Sekolah Menengah Kebangsaan Taman Melawati (SMKTM) (Taman Melawati National Secondary School) is a co-educational secondary school located in Taman Melawati, Gombak, Selangor, 20 km from the centre of Kuala Lumpur . The school has outperformed other high schools within the Gombak district in annual rankings of academic performance. Top scorers in the SPM (Malaysian Certificate of Education) national examinations make up the school's alumni, and will typically be awarded a full scholarship from the government to pursue their tertiary studies.

The school has participated in events such as marching competitions, choir competitions, drama competitions and debate tournaments. 

SMKTM has a student body of approximately 1800 pupils, aged between 13-17 years. Due to space constraints, classes are divided into two sessions, with the first session of classes running in the mornings (Forms 3, 4, and 5 ) and the second in the afternoons (Form 1 and 2). There are 12 classrooms in every form, with an average of 35 students in each class.

History
1991
The school was established with 2 blocks of buildings, Block C and Block D, and a canteen with the number of students at 403.

1994
The third block, Block B, was opened to accommodate the number of students.

1998
A Surau was built for students to perform their prayers. 

2001
The school hall was built with the cost of RM1.8 million.

2003
Two new blocks were built, Block A and Block E

2010
The sixth block, Frangipani, was opened, housing a second art studio and one Sixth Form classroom.

School Administration

Co-Curriculum
Students join three co-curricular activities (clubs, sports/games, uniformed society) which meet every week starting from early in the year until the end of first term in June.
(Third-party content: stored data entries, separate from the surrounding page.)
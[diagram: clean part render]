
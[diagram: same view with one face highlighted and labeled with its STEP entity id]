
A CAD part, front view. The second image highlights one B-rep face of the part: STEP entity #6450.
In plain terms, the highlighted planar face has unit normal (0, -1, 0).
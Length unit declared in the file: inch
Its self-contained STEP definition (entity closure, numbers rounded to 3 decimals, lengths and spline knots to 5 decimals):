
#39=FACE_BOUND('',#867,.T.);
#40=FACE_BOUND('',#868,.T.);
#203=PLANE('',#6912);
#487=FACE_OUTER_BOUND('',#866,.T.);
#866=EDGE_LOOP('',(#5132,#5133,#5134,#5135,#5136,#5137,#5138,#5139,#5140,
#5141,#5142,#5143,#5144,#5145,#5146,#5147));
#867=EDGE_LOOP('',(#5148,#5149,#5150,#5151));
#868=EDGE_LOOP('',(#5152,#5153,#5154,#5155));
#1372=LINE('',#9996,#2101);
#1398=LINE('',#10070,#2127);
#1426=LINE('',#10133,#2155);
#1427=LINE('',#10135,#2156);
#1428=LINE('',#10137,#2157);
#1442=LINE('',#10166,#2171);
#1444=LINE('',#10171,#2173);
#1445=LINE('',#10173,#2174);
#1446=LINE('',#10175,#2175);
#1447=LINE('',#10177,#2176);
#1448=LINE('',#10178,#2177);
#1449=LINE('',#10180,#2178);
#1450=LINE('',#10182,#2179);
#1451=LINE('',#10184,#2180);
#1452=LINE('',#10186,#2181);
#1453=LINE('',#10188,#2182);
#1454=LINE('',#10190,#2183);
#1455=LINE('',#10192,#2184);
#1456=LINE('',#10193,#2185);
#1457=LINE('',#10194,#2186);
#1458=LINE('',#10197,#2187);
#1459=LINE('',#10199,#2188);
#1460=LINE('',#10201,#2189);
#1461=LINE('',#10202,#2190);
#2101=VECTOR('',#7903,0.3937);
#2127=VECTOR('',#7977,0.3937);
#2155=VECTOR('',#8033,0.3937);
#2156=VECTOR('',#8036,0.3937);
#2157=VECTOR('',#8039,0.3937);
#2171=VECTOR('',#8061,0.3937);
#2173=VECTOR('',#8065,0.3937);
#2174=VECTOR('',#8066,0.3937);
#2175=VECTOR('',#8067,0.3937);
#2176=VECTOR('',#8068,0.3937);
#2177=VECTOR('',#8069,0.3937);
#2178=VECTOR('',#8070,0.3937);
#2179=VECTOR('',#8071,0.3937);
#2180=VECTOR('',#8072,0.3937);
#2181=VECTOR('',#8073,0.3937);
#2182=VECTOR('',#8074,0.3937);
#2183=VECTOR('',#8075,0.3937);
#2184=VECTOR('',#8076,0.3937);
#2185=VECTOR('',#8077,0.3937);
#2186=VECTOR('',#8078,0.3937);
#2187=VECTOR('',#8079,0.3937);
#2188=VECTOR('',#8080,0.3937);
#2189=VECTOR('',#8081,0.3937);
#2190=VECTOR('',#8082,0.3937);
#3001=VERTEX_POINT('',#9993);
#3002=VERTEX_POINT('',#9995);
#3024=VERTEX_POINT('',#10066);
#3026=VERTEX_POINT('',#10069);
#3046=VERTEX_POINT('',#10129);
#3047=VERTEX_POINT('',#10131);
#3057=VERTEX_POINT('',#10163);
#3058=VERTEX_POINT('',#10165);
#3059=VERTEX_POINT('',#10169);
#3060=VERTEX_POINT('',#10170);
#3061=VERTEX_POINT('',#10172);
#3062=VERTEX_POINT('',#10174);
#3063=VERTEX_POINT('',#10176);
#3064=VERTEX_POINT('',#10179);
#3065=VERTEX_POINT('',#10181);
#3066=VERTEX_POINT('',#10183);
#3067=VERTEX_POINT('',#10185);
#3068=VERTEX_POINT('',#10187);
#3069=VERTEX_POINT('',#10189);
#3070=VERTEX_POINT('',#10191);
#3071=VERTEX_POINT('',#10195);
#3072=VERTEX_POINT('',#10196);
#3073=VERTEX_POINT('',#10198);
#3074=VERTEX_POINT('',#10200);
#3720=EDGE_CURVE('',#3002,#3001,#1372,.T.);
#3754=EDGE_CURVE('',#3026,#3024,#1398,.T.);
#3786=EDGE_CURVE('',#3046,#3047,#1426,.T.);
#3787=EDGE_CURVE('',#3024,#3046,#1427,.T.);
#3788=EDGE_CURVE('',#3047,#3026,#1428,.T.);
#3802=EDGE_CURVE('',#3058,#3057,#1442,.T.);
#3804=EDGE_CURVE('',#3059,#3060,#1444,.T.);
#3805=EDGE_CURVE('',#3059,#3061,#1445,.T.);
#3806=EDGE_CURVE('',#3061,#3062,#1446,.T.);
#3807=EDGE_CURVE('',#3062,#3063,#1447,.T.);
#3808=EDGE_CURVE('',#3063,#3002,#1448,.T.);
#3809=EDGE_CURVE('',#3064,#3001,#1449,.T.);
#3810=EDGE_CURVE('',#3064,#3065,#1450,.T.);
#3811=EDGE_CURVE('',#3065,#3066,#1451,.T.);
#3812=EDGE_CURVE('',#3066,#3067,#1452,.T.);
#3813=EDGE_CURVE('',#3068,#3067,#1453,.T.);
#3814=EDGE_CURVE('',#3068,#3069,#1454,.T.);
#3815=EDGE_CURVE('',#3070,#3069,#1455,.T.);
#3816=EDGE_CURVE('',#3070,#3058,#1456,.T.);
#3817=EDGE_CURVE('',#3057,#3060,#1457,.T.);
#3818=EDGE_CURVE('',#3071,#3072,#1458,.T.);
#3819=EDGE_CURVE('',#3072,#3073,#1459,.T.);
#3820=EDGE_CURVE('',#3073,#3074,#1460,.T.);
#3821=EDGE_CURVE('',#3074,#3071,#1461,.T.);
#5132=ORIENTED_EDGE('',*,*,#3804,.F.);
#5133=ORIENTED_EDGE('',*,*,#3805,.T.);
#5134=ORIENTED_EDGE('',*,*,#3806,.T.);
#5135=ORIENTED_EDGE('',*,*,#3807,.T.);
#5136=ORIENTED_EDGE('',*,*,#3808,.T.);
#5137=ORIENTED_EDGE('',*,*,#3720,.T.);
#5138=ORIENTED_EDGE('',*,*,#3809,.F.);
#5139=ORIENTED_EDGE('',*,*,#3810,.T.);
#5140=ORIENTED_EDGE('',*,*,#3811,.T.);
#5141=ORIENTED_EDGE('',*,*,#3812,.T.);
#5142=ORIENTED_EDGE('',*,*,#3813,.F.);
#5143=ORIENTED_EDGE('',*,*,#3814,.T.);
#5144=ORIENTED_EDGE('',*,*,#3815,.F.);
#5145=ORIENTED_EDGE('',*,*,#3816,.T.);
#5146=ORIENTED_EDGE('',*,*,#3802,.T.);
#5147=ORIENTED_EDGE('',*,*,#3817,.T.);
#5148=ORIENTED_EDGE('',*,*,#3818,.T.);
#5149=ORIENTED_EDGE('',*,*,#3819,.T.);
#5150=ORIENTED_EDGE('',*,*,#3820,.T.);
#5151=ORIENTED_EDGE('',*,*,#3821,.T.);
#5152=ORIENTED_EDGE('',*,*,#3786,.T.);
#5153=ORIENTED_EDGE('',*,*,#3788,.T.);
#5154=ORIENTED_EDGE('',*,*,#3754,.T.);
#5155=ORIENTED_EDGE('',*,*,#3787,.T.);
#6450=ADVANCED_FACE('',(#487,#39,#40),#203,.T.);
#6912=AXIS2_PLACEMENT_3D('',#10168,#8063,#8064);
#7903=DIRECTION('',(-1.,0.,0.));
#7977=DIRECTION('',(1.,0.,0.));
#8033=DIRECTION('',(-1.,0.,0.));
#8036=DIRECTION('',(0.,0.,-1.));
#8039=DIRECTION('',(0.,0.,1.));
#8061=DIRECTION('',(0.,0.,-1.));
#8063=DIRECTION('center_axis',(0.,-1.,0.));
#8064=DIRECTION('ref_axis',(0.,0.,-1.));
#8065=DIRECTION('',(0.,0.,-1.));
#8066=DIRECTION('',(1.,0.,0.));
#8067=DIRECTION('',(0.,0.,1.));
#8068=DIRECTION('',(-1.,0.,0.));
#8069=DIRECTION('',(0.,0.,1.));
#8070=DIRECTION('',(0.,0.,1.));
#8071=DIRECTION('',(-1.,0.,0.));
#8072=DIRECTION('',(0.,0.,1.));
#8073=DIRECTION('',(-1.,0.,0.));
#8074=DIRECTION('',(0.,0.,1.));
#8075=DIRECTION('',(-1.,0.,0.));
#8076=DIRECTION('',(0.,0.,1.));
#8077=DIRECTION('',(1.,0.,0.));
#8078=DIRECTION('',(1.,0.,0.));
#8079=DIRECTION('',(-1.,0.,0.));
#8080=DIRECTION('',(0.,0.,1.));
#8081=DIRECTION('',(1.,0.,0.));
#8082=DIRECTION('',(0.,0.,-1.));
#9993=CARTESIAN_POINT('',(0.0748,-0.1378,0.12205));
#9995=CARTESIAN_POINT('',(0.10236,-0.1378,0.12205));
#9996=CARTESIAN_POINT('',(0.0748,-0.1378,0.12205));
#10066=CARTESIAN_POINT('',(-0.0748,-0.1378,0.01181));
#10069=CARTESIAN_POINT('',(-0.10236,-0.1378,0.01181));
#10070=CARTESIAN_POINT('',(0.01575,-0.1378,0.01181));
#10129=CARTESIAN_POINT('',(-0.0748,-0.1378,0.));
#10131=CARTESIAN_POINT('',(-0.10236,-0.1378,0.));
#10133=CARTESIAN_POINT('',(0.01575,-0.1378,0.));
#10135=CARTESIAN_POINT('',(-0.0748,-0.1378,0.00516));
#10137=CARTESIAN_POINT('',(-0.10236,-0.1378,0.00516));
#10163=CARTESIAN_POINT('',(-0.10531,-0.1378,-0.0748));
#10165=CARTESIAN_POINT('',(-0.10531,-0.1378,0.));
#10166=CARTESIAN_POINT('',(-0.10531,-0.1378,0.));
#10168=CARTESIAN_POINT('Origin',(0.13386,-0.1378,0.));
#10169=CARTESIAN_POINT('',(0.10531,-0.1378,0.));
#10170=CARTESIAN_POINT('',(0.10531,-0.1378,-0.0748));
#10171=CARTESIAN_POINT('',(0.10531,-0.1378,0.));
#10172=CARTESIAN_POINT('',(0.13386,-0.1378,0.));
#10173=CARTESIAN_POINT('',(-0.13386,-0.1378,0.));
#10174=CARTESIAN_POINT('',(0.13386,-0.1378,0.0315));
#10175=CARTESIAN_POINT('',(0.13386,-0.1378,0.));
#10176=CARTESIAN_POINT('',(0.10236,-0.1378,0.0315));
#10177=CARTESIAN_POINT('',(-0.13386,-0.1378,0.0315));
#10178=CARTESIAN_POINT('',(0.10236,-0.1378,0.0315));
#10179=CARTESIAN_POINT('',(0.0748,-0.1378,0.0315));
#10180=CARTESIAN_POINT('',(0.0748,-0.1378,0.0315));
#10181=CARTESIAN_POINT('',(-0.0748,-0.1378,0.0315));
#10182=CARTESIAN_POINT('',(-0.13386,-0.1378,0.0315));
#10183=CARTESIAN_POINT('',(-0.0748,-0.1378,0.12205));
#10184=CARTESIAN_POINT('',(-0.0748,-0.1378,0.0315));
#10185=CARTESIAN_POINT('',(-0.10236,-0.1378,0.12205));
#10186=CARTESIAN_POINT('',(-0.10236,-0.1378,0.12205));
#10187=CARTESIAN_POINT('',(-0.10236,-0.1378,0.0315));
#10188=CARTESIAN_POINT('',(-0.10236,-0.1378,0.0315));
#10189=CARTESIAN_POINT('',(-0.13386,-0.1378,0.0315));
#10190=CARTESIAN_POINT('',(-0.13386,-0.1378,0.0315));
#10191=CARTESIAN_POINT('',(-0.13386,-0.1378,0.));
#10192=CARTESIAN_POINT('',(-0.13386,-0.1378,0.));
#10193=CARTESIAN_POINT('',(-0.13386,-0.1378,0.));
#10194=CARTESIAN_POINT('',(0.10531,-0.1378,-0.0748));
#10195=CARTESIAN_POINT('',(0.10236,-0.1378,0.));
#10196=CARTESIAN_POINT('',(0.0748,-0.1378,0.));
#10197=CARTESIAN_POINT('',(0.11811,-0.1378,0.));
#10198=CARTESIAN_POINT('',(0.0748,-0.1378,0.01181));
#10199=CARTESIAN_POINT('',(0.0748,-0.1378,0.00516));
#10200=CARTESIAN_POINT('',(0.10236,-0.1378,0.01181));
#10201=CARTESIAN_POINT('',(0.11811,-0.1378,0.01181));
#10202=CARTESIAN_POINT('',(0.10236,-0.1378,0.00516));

Additional meetings may be held in the second term with agreement from the supervising teacher.

Clubs
Academic
Malay Language Club
English Club
Mathematics Club
History club
Science club
Islam Club
Innovation club
Arabic Language club
Art Club
Tamil Language club
French Language Club 

Non-academic
Culture club
School cooperation club
Photography
Taekwando club
Choir Club
Charity Club
Form 6 club
SLAD
Crime Prevention Club
Environmental Club
Drama Club

Sports/Games
Sepak Takraw
Football
Netball
Ping Pong
Softball
Athletics club
Chess
Volleyball
Badminton
Football
Golf
Handball
Bowling

Uniformed societies
Scouts 
Girl Guides
Police Cadets
Youth cadets (KRS)
Seni Silat Gayong
Fire Brigade Cadets (Kadet Bomba)
Persatuan Kadet Bersatu Malaysia (PKBM)
Puteri Islamic

Facilities
The school consists of six main blocks and other facilities as follows :
School Hall
Library with a computer room
School Mosque                                                                                              
Two parking lots for cars, motorbikes, and bicycles
Basketball, volleyball, and badminton courts
A field
Six General Science laboratories
Two Chemistry laboratories
Two Physics laboratories
Two Biology laboratories
Two Art studios

School magazine
The school magazine, Persada, has been published annually since 1995.